- **Exercise goal**:
Write each line out a second time, exactly as shown below.

--- Provided material ---

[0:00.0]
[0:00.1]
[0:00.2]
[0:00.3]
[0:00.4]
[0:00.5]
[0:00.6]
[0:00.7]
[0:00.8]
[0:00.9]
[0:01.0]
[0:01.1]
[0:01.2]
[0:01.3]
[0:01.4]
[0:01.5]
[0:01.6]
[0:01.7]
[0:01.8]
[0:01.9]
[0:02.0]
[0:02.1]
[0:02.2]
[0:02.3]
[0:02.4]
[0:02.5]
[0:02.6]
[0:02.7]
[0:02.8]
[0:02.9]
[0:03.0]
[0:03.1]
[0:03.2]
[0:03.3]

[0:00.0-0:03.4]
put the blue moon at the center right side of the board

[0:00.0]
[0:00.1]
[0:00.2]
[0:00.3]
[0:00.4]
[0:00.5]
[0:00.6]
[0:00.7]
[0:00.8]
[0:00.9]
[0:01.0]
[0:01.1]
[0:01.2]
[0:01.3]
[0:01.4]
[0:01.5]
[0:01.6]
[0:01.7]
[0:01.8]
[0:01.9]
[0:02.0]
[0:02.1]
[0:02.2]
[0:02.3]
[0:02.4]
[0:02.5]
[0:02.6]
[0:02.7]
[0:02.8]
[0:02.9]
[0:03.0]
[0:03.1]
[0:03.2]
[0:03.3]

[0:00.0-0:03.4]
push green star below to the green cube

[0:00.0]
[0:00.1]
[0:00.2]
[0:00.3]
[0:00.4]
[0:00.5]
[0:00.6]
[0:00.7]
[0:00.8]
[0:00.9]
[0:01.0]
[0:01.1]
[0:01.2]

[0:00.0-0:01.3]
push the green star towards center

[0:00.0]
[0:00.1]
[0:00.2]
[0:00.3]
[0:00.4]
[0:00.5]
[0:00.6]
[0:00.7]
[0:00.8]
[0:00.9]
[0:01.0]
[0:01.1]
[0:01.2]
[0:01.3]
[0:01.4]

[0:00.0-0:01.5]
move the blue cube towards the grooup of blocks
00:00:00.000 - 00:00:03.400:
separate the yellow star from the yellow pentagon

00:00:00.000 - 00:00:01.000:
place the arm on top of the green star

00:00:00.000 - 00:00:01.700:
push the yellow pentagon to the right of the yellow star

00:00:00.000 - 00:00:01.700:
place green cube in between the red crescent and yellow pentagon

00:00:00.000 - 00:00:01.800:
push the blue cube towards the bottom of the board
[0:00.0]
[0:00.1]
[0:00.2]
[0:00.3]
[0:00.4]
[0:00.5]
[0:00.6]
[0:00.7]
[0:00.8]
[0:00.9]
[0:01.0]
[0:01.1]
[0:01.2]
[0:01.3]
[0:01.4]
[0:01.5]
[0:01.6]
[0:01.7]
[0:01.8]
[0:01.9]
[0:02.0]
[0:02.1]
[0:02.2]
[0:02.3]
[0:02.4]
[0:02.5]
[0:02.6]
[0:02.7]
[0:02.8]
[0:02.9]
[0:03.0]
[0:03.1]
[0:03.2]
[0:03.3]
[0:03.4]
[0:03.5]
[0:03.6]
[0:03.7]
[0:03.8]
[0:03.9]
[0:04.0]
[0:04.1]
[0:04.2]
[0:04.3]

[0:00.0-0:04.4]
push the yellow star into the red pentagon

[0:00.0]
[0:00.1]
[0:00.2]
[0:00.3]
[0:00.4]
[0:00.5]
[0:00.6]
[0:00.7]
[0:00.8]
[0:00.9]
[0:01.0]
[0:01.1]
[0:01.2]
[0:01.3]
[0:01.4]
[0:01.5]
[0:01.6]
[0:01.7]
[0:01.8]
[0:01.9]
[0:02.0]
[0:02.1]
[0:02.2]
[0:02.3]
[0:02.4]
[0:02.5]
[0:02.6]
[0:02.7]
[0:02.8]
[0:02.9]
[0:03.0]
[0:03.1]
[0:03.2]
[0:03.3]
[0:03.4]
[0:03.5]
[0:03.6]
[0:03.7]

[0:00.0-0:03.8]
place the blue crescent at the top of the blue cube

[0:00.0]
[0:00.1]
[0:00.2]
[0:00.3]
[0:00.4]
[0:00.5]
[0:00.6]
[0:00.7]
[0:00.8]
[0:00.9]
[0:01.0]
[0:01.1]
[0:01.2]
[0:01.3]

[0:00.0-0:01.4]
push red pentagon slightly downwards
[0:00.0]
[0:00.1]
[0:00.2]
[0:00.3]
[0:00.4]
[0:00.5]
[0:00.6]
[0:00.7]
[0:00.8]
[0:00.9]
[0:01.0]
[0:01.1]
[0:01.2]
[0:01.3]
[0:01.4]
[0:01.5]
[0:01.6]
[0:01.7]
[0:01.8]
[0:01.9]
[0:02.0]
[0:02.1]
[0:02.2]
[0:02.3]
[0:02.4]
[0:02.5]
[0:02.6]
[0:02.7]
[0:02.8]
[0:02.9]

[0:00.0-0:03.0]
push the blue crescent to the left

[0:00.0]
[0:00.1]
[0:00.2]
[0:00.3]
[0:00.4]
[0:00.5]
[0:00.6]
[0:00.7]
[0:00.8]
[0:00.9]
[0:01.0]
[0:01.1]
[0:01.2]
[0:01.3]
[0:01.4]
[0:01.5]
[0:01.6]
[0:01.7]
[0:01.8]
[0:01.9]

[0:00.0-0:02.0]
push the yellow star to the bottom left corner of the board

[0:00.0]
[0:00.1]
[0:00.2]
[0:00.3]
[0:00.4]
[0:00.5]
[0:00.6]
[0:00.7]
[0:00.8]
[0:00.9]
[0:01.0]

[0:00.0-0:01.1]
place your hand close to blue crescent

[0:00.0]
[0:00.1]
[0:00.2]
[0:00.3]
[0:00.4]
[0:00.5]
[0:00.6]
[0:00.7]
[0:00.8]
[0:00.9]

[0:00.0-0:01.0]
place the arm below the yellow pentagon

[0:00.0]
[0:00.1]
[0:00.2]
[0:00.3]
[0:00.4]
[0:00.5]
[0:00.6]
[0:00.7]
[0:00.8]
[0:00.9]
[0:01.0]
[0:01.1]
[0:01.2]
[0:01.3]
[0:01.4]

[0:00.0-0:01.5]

---

- **Written solution**:
[0:00.0]
[0:00.1]
[0:00.2]
[0:00.3]
[0:00.4]
[0:00.5]
[0:00.6]
[0:00.7]
[0:00.8]
[0:00.9]
[0:01.0]
[0:01.1]
[0:01.2]
[0:01.3]
[0:01.4]
[0:01.5]
[0:01.6]
[0:01.7]
[0:01.8]
[0:01.9]
[0:02.0]
[0:02.1]
[0:02.2]
[0:02.3]
[0:02.4]
[0:02.5]
[0:02.6]
[0:02.7]
[0:02.8]
[0:02.9]
[0:03.0]
[0:03.1]
[0:03.2]
[0:03.3]

[0:00.0-0:03.4]
put the blue moon at the center right side of the board

[0:00.0]
[0:00.1]
[0:00.2]
[0:00.3]
[0:00.4]
[0:00.5]
[0:00.6]
[0:00.7]
[0:00.8]
[0:00.9]
[0:01.0]
[0:01.1]
[0:01.2]
[0:01.3]
[0:01.4]
[0:01.5]
[0:01.6]
[0:01.7]
[0:01.8]
[0:01.9]
[0:02.0]
[0:02.1]
[0:02.2]
[0:02.3]
[0:02.4]
[0:02.5]
[0:02.6]
[0:02.7]
[0:02.8]
[0:02.9]
[0:03.0]
[0:03.1]
[0:03.2]
[0:03.3]

[0:00.0-0:03.4]
push green star below to the green cube

[0:00.0]
[0:00.1]
[0:00.2]
[0:00.3]
[0:00.4]
[0:00.5]
[0:00.6]
[0:00.7]
[0:00.8]
[0:00.9]
[0:01.0]
[0:01.1]
[0:01.2]

[0:00.0-0:01.3]
push the green star towards center

[0:00.0]
[0:00.1]
[0:00.2]
[0:00.3]
[0:00.4]
[0:00.5]
[0:00.6]
[0:00.7]
[0:00.8]
[0:00.9]
[0:01.0]
[0:01.1]
[0:01.2]
[0:01.3]
[0:01.4]

[0:00.0-0:01.5]
move the blue cube towards the grooup of blocks
00:00:00.000 - 00:00:03.400:
separate the yellow star from the yellow pentagon

00:00:00.000 - 00:00:01.000:
place the arm on top of the green star

00:00:00.000 - 00:00:01.700:
push the yellow pentagon to the right of the yellow star

00:00:00.000 - 00:00:01.700:
place green cube in between the red crescent and yellow pentagon

00:00:00.000 - 00:00:01.800:
push the blue cube towards the bottom of the board
[0:00.0]
[0:00.1]
[0:00.2]
[0:00.3]
[0:00.4]
[0:00.5]
[0:00.6]
[0:00.7]
[0:00.8]
[0:00.9]
[0:01.0]
[0:01.1]
[0:01.2]
[0:01.3]
[0:01.4]
[0:01.5]
[0:01.6]
[0:01.7]
[0:01.8]
[0:01.9]
[0:02.0]
[0:02.1]
[0:02.2]
[0:02.3]
[0:02.4]
[0:02.5]
[0:02.6]
[0:02.7]
[0:02.8]
[0:02.9]
[0:03.0]
[0:03.1]
[0:03.2]
[0:03.3]
[0:03.4]
[0:03.5]
[0:03.6]
[0:03.7]
[0:03.8]
[0:03.9]
[0:04.0]
[0:04.1]
[0:04.2]
[0:04.3]

[0:00.0-0:04.4]
push the yellow star into the red pentagon

[0:00.0]
[0:00.1]
[0:00.2]
[0:00.3]
[0:00.4]
[0:00.5]
[0:00.6]
[0:00.7]
[0:00.8]
[0:00.9]
[0:01.0]
[0:01.1]
[0:01.2]
[0:01.3]
[0:01.4]
[0:01.5]
[0:01.6]
[0:01.7]
[0:01.8]
[0:01.9]
[0:02.0]
[0:02.1]
[0:02.2]
[0:02.3]
[0:02.4]
[0:02.5]
[0:02.6]
[0:02.7]
[0:02.8]
[0:02.9]
[0:03.0]
[0:03.1]
[0:03.2]
[0:03.3]
[0:03.4]
[0:03.5]
[0:03.6]
[0:03.7]

[0:00.0-0:03.8]
place the blue crescent at the top of the blue cube

[0:00.0]
[0:00.1]
[0:00.2]
[0:00.3]
[0:00.4]
[0:00.5]
[0:00.6]
[0:00.7]
[0:00.8]
[0:00.9]
[0:01.0]
[0:01.1]
[0:01.2]
[0:01.3]

[0:00.0-0:01.4]
push red pentagon slightly downwards
[0:00.0]
[0:00.1]
[0:00.2]
[0:00.3]
[0:00.4]
[0:00.5]
[0:00.6]
[0:00.7]
[0:00.8]
[0:00.9]
[0:01.0]
[0:01.1]
[0:01.2]
[0:01.3]
[0:01.4]
[0:01.5]
[0:01.6]
[0:01.7]
[0:01.8]
[0:01.9]
[0:02.0]
[0:02.1]
[0:02.2]
[0:02.3]
[0:02.4]
[0:02.5]
[0:02.6]
[0:02.7]
[0:02.8]
[0:02.9]

[0:00.0-0:03.0]
push the blue crescent to the left

[0:00.0]
[0:00.1]
[0:00.2]
[0:00.3]
[0:00.4]
[0:00.5]
[0:00.6]
[0:00.7]
[0:00.8]
[0:00.9]
[0:01.0]
[0:01.1]
[0:01.2]
[0:01.3]
[0:01.4]
[0:01.5]
[0:01.6]
[0:01.7]
[0:01.8]
[0:01.9]

[0:00.0-0:02.0]
push the yellow star to the bottom left corner of the board

[0:00.0]
[0:00.1]
[0:00.2]
[0:00.3]
[0:00.4]
[0:00.5]
[0:00.6]
[0:00.7]
[0:00.8]
[0:00.9]
[0:01.0]

[0:00.0-0:01.1]
place your hand close to blue crescent

[0:00.0]
[0:00.1]
[0:00.2]
[0:00.3]
[0:00.4]
[0:00.5]
[0:00.6]
[0:00.7]
[0:00.8]
[0:00.9]

[0:00.0-0:01.0]
place the arm below the yellow pentagon

[0:00.0]
[0:00.1]
[0:00.2]
[0:00.3]
[0:00.4]
[0:00.5]
[0:00.6]
[0:00.7]
[0:00.8]
[0:00.9]
[0:01.0]
[0:01.1]
[0:01.2]
[0:01.3]
[0:01.4]

[0:00.0-0:01.5]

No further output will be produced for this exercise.